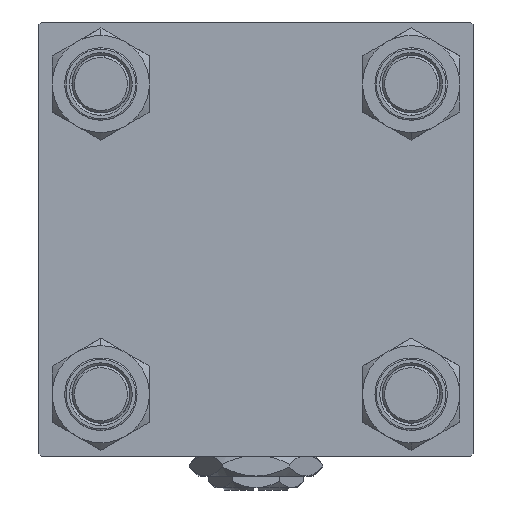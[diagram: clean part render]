
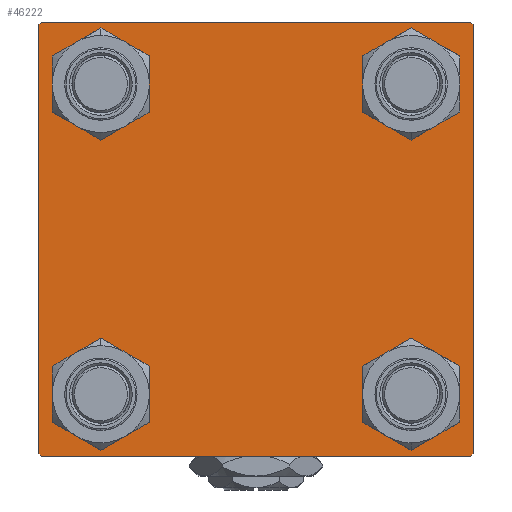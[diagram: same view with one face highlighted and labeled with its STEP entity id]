
A CAD part, left-side view. The second image highlights one B-rep face of the part: STEP entity #46222.
In plain terms, the highlighted planar face has unit normal (-1, 0, 0).
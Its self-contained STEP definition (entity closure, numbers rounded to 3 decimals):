
#114 = AXIS2_PLACEMENT_3D ( 'NONE', #26278, #50709, #51244 ) ;
#288 = VECTOR ( 'NONE', #46713, 1000. ) ;
#728 = DIRECTION ( 'NONE',  ( 0., 0., 1. ) ) ;
#838 = DIRECTION ( 'NONE',  ( 0., 0., 1. ) ) ;
#1809 = EDGE_CURVE ( 'NONE', #25188, #40041, #10488, .T. ) ;
#1987 = DIRECTION ( 'NONE',  ( 0., -1., 0. ) ) ;
#2688 = DIRECTION ( 'NONE',  ( 0., 0., 1. ) ) ;
#2707 = VECTOR ( 'NONE', #6448, 1000. ) ;
#3627 = CARTESIAN_POINT ( 'NONE',  ( 0., -32.15, 38.65 ) ) ;
#3809 = CARTESIAN_POINT ( 'NONE',  ( 0., 44.5, 45. ) ) ;
#4042 = EDGE_CURVE ( 'NONE', #30351, #40041, #38987, .T. ) ;
#4660 = EDGE_LOOP ( 'NONE', ( #8659, #27055 ) ) ;
#4669 = CARTESIAN_POINT ( 'NONE',  ( 0., -32.15, 32.15 ) ) ;
#4884 = ORIENTED_EDGE ( 'NONE', *, *, #16117, .T. ) ;
#5242 = FACE_OUTER_BOUND ( 'NONE', #33269, .T. ) ;
#5310 = CARTESIAN_POINT ( 'NONE',  ( 0., -32.15, -32.15 ) ) ;
#5412 = CARTESIAN_POINT ( 'NONE',  ( 0., 45., -45. ) ) ;
#5497 = PLANE ( 'NONE',  #28468 ) ;
#5962 = CARTESIAN_POINT ( 'NONE',  ( 0., 45., -44.5 ) ) ;
#6269 = VERTEX_POINT ( 'NONE', #32682 ) ;
#6448 = DIRECTION ( 'NONE',  ( 0., -0.707, -0.707 ) ) ;
#6493 = VECTOR ( 'NONE', #1987, 1000. ) ;
#6732 = CARTESIAN_POINT ( 'NONE',  ( 0., -32.15, -25.65 ) ) ;
#7102 = CIRCLE ( 'NONE', #38954, 6.5 ) ;
#7535 = EDGE_CURVE ( 'NONE', #48074, #39983, #7102, .T. ) ;
#8659 = ORIENTED_EDGE ( 'NONE', *, *, #20288, .T. ) ;
#8882 = ORIENTED_EDGE ( 'NONE', *, *, #51043, .T. ) ;
#9778 = DIRECTION ( 'NONE',  ( 0., 0., 1. ) ) ;
#9870 = CIRCLE ( 'NONE', #48456, 6.5 ) ;
#10488 = LINE ( 'NONE', #26498, #288 ) ;
#10824 = CARTESIAN_POINT ( 'NONE',  ( 0., -32.15, -32.15 ) ) ;
#11139 = DIRECTION ( 'NONE',  ( 1., 0., 0. ) ) ;
#11904 = ORIENTED_EDGE ( 'NONE', *, *, #1809, .T. ) ;
#12706 = DIRECTION ( 'NONE',  ( 0., 0., -1. ) ) ;
#12959 = LINE ( 'NONE', #20320, #22482 ) ;
#13131 = FACE_BOUND ( 'NONE', #4660, .T. ) ;
#13393 = VERTEX_POINT ( 'NONE', #50250 ) ;
#13711 = ORIENTED_EDGE ( 'NONE', *, *, #47128, .T. ) ;
#14210 = CARTESIAN_POINT ( 'NONE',  ( 0., -44.5, -45. ) ) ;
#14491 = EDGE_CURVE ( 'NONE', #43194, #36194, #43393, .T. ) ;
#14813 = ORIENTED_EDGE ( 'NONE', *, *, #17634, .T. ) ;
#14933 = EDGE_CURVE ( 'NONE', #29846, #20399, #41384, .T. ) ;
#15011 = VECTOR ( 'NONE', #17047, 1000. ) ;
#15036 = CARTESIAN_POINT ( 'NONE',  ( 0., 32.15, -32.15 ) ) ;
#15179 = ORIENTED_EDGE ( 'NONE', *, *, #4042, .F. ) ;
#15243 = DIRECTION ( 'NONE',  ( 0., 0., 1. ) ) ;
#15366 = CARTESIAN_POINT ( 'NONE',  ( 0., 45., 45. ) ) ;
#16018 = CIRCLE ( 'NONE', #34435, 6.5 ) ;
#16117 = EDGE_CURVE ( 'NONE', #47165, #13393, #9870, .T. ) ;
#16308 = DIRECTION ( 'NONE',  ( 0., 0., 1. ) ) ;
#16713 = ORIENTED_EDGE ( 'NONE', *, *, #35971, .T. ) ;
#17047 = DIRECTION ( 'NONE',  ( 0., 0., -1. ) ) ;
#17369 = DIRECTION ( 'NONE',  ( 1., 0., 0. ) ) ;
#17634 = EDGE_CURVE ( 'NONE', #6269, #33139, #12959, .T. ) ;
#18218 = AXIS2_PLACEMENT_3D ( 'NONE', #5310, #21321, #9778 ) ;
#18739 = CARTESIAN_POINT ( 'NONE',  ( 0., 32.15, -38.65 ) ) ;
#19483 = EDGE_CURVE ( 'NONE', #25188, #34632, #24925, .T. ) ;
#20124 = ORIENTED_EDGE ( 'NONE', *, *, #26597, .T. ) ;
#20288 = EDGE_CURVE ( 'NONE', #28624, #35272, #16018, .T. ) ;
#20320 = CARTESIAN_POINT ( 'NONE',  ( 0., 45., 45. ) ) ;
#20399 = VERTEX_POINT ( 'NONE', #14210 ) ;
#20491 = ORIENTED_EDGE ( 'NONE', *, *, #35015, .T. ) ;
#20629 = CIRCLE ( 'NONE', #39073, 6.5 ) ;
#20657 = ORIENTED_EDGE ( 'NONE', *, *, #14491, .T. ) ;
#21001 = CARTESIAN_POINT ( 'NONE',  ( 0., 0., 0. ) ) ;
#21321 = DIRECTION ( 'NONE',  ( 1., 0., 0. ) ) ;
#21512 = FACE_BOUND ( 'NONE', #28306, .T. ) ;
#21814 = CARTESIAN_POINT ( 'NONE',  ( 0., 32.15, 32.15 ) ) ;
#22482 = VECTOR ( 'NONE', #12706, 1000. ) ;
#24925 = LINE ( 'NONE', #44880, #15011 ) ;
#25188 = VERTEX_POINT ( 'NONE', #45537 ) ;
#25436 = ORIENTED_EDGE ( 'NONE', *, *, #32625, .T. ) ;
#26278 = CARTESIAN_POINT ( 'NONE',  ( 0., 32.15, -32.15 ) ) ;
#26352 = CARTESIAN_POINT ( 'NONE',  ( 0., -32.15, 32.15 ) ) ;
#26498 = CARTESIAN_POINT ( 'NONE',  ( 0., -44.75, 44.75 ) ) ;
#26597 = EDGE_CURVE ( 'NONE', #33139, #29846, #34810, .T. ) ;
#26830 = DIRECTION ( 'NONE',  ( 1., 0., 0. ) ) ;
#27055 = ORIENTED_EDGE ( 'NONE', *, *, #38683, .T. ) ;
#27152 = DIRECTION ( 'NONE',  ( 0., 0., 1. ) ) ;
#27392 = VECTOR ( 'NONE', #40441, 1000. ) ;
#27784 = CIRCLE ( 'NONE', #114, 6.5 ) ;
#28306 = EDGE_LOOP ( 'NONE', ( #20657, #25436 ) ) ;
#28468 = AXIS2_PLACEMENT_3D ( 'NONE', #21001, #32836, #16308 ) ;
#28624 = VERTEX_POINT ( 'NONE', #47946 ) ;
#29315 = ORIENTED_EDGE ( 'NONE', *, *, #7535, .T. ) ;
#29716 = EDGE_LOOP ( 'NONE', ( #16713, #29315 ) ) ;
#29846 = VERTEX_POINT ( 'NONE', #44876 ) ;
#30351 = VERTEX_POINT ( 'NONE', #3809 ) ;
#30632 = AXIS2_PLACEMENT_3D ( 'NONE', #10824, #26830, #42841 ) ;
#31580 = DIRECTION ( 'NONE',  ( 1., 0., 0. ) ) ;
#31744 = CARTESIAN_POINT ( 'NONE',  ( 0., 32.15, 25.65 ) ) ;
#32625 = EDGE_CURVE ( 'NONE', #36194, #43194, #39862, .T. ) ;
#32682 = CARTESIAN_POINT ( 'NONE',  ( 0., 45., 44.5 ) ) ;
#32836 = DIRECTION ( 'NONE',  ( -1., 0., 0. ) ) ;
#32837 = LINE ( 'NONE', #49113, #27392 ) ;
#33139 = VERTEX_POINT ( 'NONE', #5962 ) ;
#33158 = AXIS2_PLACEMENT_3D ( 'NONE', #26352, #11139, #27152 ) ;
#33269 = EDGE_LOOP ( 'NONE', ( #14813, #20124, #36765, #13711, #37355, #11904, #15179, #20491 ) ) ;
#34339 = VECTOR ( 'NONE', #38696, 1000. ) ;
#34435 = AXIS2_PLACEMENT_3D ( 'NONE', #21814, #17369, #838 ) ;
#34632 = VERTEX_POINT ( 'NONE', #42864 ) ;
#34810 = LINE ( 'NONE', #47861, #2707 ) ;
#35015 = EDGE_CURVE ( 'NONE', #30351, #6269, #32837, .T. ) ;
#35195 = CARTESIAN_POINT ( 'NONE',  ( 0., 32.15, 32.15 ) ) ;
#35272 = VERTEX_POINT ( 'NONE', #31744 ) ;
#35971 = EDGE_CURVE ( 'NONE', #39983, #48074, #38283, .T. ) ;
#36194 = VERTEX_POINT ( 'NONE', #45621 ) ;
#36765 = ORIENTED_EDGE ( 'NONE', *, *, #14933, .T. ) ;
#37212 = DIRECTION ( 'NONE',  ( 1., 0., 0. ) ) ;
#37281 = FACE_BOUND ( 'NONE', #29716, .T. ) ;
#37355 = ORIENTED_EDGE ( 'NONE', *, *, #19483, .F. ) ;
#38283 = CIRCLE ( 'NONE', #33158, 6.5 ) ;
#38683 = EDGE_CURVE ( 'NONE', #35272, #28624, #20629, .T. ) ;
#38696 = DIRECTION ( 'NONE',  ( 0., -0.707, 0.707 ) ) ;
#38954 = AXIS2_PLACEMENT_3D ( 'NONE', #4669, #37212, #728 ) ;
#38987 = LINE ( 'NONE', #15366, #40614 ) ;
#39073 = AXIS2_PLACEMENT_3D ( 'NONE', #35195, #39645, #15243 ) ;
#39229 = LINE ( 'NONE', #50516, #34339 ) ;
#39418 = EDGE_LOOP ( 'NONE', ( #8882, #4884 ) ) ;
#39508 = DIRECTION ( 'NONE',  ( 0., -1., 0. ) ) ;
#39645 = DIRECTION ( 'NONE',  ( 1., 0., 0. ) ) ;
#39862 = CIRCLE ( 'NONE', #30632, 6.5 ) ;
#39983 = VERTEX_POINT ( 'NONE', #3627 ) ;
#40041 = VERTEX_POINT ( 'NONE', #48268 ) ;
#40440 = FACE_BOUND ( 'NONE', #39418, .T. ) ;
#40441 = DIRECTION ( 'NONE',  ( 0., 0.707, -0.707 ) ) ;
#40614 = VECTOR ( 'NONE', #39508, 1000. ) ;
#41384 = LINE ( 'NONE', #5412, #6493 ) ;
#42644 = CARTESIAN_POINT ( 'NONE',  ( 0., -32.15, 25.65 ) ) ;
#42841 = DIRECTION ( 'NONE',  ( 0., 0., 1. ) ) ;
#42864 = CARTESIAN_POINT ( 'NONE',  ( 0., -45., -44.5 ) ) ;
#43194 = VERTEX_POINT ( 'NONE', #6732 ) ;
#43393 = CIRCLE ( 'NONE', #18218, 6.5 ) ;
#44876 = CARTESIAN_POINT ( 'NONE',  ( 0., 44.5, -45. ) ) ;
#44880 = CARTESIAN_POINT ( 'NONE',  ( 0., -45., 45. ) ) ;
#45537 = CARTESIAN_POINT ( 'NONE',  ( 0., -45., 44.5 ) ) ;
#45621 = CARTESIAN_POINT ( 'NONE',  ( 0., -32.15, -38.65 ) ) ;
#46222 = ADVANCED_FACE ( 'NONE', ( #37281, #21512, #40440, #13131, #5242 ), #5497, .T. ) ;
#46713 = DIRECTION ( 'NONE',  ( 0., 0.707, 0.707 ) ) ;
#47128 = EDGE_CURVE ( 'NONE', #20399, #34632, #39229, .T. ) ;
#47165 = VERTEX_POINT ( 'NONE', #18739 ) ;
#47861 = CARTESIAN_POINT ( 'NONE',  ( 0., 44.75, -44.75 ) ) ;
#47946 = CARTESIAN_POINT ( 'NONE',  ( 0., 32.15, 38.65 ) ) ;
#48074 = VERTEX_POINT ( 'NONE', #42644 ) ;
#48268 = CARTESIAN_POINT ( 'NONE',  ( 0., -44.5, 45. ) ) ;
#48456 = AXIS2_PLACEMENT_3D ( 'NONE', #15036, #31580, #2688 ) ;
#49113 = CARTESIAN_POINT ( 'NONE',  ( 0., 44.75, 44.75 ) ) ;
#50250 = CARTESIAN_POINT ( 'NONE',  ( 0., 32.15, -25.65 ) ) ;
#50516 = CARTESIAN_POINT ( 'NONE',  ( 0., -44.75, -44.75 ) ) ;
#50709 = DIRECTION ( 'NONE',  ( 1., 0., 0. ) ) ;
#51043 = EDGE_CURVE ( 'NONE', #13393, #47165, #27784, .T. ) ;
#51244 = DIRECTION ( 'NONE',  ( 0., 0., 1. ) ) ;
☆ ☆ ☆ ☆ ☆
### TASK OBJECTIVE
Which lines of the records above contain the word "CIRCLE"? Report each one.

### RESPONSE BOX
#7102 = CIRCLE ( 'NONE', #38954, 6.5 ) ;
#9870 = CIRCLE ( 'NONE', #48456, 6.5 ) ;
#16018 = CIRCLE ( 'NONE', #34435, 6.5 ) ;
#20629 = CIRCLE ( 'NONE', #39073, 6.5 ) ;
#27784 = CIRCLE ( 'NONE', #114, 6.5 ) ;
#38283 = CIRCLE ( 'NONE', #33158, 6.5 ) ;
#39862 = CIRCLE ( 'NONE', #30632, 6.5 ) ;
#43393 = CIRCLE ( 'NONE', #18218, 6.5 ) ;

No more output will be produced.